Sukuk negara sebenarnya menawarkan jalan keluar atas persoalan ini. Regulasi pun menyiratkan hal demikian. Namun pada tataran implementasi, aplikasi yang ada belum mampu mencapai ranah tersebut. Kondisi inilah yang jika tak diperbaiki dapat mendistorsi keberadaan sukuk negara.
Instrumen investasi
Sejak 2005, surat berharga negara (SBN) menjadi instrumen utama pembiayaan APBN. Sumber pembiayaan nonutang pada masa awal pascakrisis ekonomi memberi kontribusi besar dalam membiayai defisit. Namun dalam perkembangannya, terjadi pergeseran yang tajam dari sumber pembiayaan nonutang menjadi sumber pembiayaan utang. Adapun sumber utama pembiayaan utang yang dulu bersumber dari pinjaman dalam negeri dan luar negeri, kini bersumber dari penerbitan SBN.
Sejauh ini, ada dua jenis instrumen yang digunakan pemerintah dalam sumber pembiayaan utang yang berasal dari SBN. Melalui UU Nomor 24 Tahun 2002, pemerintah diberi wewenang untuk menerbitkan surat utang negara (SUN) sebagai sumber pembiayaan dalam mengatasi defisit anggaran atau menutup kekurangan kas jangka pendek atau mengelola portofolio utang negara.

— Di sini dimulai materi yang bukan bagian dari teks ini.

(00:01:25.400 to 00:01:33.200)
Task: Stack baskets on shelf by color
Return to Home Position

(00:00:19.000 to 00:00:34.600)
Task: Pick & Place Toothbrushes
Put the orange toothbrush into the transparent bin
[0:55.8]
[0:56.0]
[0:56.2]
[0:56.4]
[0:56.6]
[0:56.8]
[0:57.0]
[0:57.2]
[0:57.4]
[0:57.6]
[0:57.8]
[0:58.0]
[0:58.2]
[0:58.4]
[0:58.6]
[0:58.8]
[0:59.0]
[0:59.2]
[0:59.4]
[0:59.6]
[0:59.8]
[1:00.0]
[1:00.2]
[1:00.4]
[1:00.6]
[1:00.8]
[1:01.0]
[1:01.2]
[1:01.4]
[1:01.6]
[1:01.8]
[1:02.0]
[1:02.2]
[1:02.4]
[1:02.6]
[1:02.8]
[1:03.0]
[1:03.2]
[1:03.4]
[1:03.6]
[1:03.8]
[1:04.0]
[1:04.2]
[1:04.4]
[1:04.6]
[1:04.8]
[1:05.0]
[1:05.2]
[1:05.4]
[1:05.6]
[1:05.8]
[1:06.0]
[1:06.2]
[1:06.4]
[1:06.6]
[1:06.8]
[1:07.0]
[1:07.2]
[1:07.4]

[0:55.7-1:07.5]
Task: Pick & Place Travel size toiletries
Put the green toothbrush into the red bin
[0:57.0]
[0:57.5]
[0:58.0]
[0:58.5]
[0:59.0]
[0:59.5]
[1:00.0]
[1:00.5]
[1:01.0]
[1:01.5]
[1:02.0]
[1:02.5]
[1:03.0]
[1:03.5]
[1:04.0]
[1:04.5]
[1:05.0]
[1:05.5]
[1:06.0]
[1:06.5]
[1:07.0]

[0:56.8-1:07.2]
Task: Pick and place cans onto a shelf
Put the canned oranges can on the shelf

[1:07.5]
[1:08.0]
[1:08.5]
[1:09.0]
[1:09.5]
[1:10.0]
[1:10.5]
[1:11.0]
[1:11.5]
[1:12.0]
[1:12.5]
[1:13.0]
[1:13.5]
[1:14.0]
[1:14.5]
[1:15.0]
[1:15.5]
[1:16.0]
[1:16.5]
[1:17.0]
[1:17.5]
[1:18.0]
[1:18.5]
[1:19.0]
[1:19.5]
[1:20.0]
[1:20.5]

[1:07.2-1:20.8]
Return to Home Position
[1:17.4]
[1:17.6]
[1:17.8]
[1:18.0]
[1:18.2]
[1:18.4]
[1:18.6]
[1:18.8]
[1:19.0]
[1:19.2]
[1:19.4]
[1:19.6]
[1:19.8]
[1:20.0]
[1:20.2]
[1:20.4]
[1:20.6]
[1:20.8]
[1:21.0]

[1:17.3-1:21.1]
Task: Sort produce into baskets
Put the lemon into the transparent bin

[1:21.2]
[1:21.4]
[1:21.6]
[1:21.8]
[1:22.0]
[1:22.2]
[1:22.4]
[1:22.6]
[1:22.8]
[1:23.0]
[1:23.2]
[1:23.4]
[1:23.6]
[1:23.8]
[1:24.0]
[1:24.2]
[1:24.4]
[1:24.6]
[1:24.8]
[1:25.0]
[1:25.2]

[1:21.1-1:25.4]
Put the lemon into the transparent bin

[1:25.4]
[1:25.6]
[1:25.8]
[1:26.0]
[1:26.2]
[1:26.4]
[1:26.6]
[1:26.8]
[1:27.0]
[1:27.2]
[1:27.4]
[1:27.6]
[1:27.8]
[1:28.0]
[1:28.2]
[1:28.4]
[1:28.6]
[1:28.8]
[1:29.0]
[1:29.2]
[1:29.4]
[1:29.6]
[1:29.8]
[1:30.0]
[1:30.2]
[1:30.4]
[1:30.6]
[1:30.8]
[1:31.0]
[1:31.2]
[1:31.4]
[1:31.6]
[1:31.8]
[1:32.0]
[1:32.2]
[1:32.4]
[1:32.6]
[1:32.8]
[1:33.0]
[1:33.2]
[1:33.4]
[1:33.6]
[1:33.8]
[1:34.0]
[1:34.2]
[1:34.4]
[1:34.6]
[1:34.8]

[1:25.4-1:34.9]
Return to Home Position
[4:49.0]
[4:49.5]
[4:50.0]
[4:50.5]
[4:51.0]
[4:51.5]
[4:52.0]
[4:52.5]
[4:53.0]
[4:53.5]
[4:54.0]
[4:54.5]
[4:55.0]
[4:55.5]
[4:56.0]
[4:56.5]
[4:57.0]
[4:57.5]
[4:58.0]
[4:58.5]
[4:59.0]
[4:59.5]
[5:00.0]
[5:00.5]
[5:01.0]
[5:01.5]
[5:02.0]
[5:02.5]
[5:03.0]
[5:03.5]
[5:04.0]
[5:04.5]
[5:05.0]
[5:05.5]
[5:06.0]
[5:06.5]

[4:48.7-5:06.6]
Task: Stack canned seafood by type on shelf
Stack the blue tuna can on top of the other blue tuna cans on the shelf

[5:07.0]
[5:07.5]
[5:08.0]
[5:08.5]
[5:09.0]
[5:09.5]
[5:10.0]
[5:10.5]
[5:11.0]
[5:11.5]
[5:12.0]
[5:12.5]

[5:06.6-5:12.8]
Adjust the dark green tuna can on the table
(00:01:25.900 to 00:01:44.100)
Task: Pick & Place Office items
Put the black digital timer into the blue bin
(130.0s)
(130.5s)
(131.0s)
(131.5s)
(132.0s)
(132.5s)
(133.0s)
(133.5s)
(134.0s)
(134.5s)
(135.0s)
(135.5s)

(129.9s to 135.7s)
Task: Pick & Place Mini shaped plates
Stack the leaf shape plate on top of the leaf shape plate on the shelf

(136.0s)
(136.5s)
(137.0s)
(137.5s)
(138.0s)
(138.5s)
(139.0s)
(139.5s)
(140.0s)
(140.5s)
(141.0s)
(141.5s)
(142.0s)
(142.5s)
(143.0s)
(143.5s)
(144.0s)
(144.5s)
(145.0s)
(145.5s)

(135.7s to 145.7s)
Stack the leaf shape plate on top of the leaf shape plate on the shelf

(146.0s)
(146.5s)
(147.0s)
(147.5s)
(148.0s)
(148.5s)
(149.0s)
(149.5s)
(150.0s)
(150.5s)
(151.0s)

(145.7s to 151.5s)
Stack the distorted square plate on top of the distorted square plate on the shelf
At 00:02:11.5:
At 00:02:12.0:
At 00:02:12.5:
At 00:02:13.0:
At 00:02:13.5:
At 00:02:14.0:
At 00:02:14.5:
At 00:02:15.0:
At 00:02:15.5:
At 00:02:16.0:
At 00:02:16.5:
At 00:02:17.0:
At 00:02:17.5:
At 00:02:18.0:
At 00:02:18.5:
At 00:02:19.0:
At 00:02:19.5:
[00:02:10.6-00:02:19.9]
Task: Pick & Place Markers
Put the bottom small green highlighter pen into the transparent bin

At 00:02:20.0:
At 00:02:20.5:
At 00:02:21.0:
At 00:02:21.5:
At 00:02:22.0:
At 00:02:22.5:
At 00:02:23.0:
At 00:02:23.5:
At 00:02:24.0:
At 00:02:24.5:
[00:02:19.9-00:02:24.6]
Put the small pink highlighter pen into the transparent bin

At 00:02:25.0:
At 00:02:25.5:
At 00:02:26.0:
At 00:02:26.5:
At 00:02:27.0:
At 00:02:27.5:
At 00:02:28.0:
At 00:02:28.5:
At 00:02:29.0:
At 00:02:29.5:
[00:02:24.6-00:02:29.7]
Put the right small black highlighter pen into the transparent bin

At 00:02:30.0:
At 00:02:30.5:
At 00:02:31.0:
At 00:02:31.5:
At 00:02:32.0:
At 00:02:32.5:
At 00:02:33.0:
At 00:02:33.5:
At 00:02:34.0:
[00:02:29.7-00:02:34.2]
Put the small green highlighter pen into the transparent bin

Berikutnya, untuk mendiversifikasi instrumen pembiayaan defisit anggaran dengan meningkatkan basis investor, maka Pemerintah Indonesia melalui UU Nomor 19 Tahun 2008 diberi landasan hukum untuk melakukan transaksi pengadaan pembiayaan dan pengelolaan portofolio berbasis syariah melalui penerbitan sukuk.
Berbeda dengan SUN, tujuan utama penerbitan sukuk selain untuk pembiayaan APBN, juga untuk pembiayaan kegiatan proyek pemerintah, terutama pembangunan infrastruktur. Hadirnya regulasi SUN dan sukuk menjadi standing appropriation bagi penerbitan instrumen utang Indonesia dalam bentuk SBN.
Untuk 2010, pemerintah masih akan menjadikan SBN sebagai sumber pembiayaan APBN. Pemerintah akan menaikkan target indikatif untuk mencapai penerimaan negara dari penerbitan SBN sebesar Rp176,86 triliun dalam Rancangan APBN Perubahan 2010 dari sebelumnya Rp175,061 triliun dalam APBN 2010. Untuk memenuhi penambahan biaya tersebut, pemerintah di antaranya akan meningkatkan penerbitan SBN sebesar Rp 1,849 triliun.
Tidak bisa dipungkiri, penerbitan sukuk sebagai salah satu bentuk SBN dinilai efektif untuk membantu mengurangi defisit APBN. Namun, terdapat beberapa hal yang perlu diwaspadai dalam implementasinya yang berpotensi mendistorsi.
Pertama, sukuk negara seyogianya menjadi instrumen transisi yang ke depan akan menjadikan Indonesia lebih mandiri dan bebas utang. Sejumlah studi empirik menunjukkan bahwa utang berbunga telah menyandera APBN Indonesia. Kelak diharapkan Indonesia mampu melahirkan kebijakan zero deficit. Dalam konteks inilah, sukuk dapat menjadi jembatannya.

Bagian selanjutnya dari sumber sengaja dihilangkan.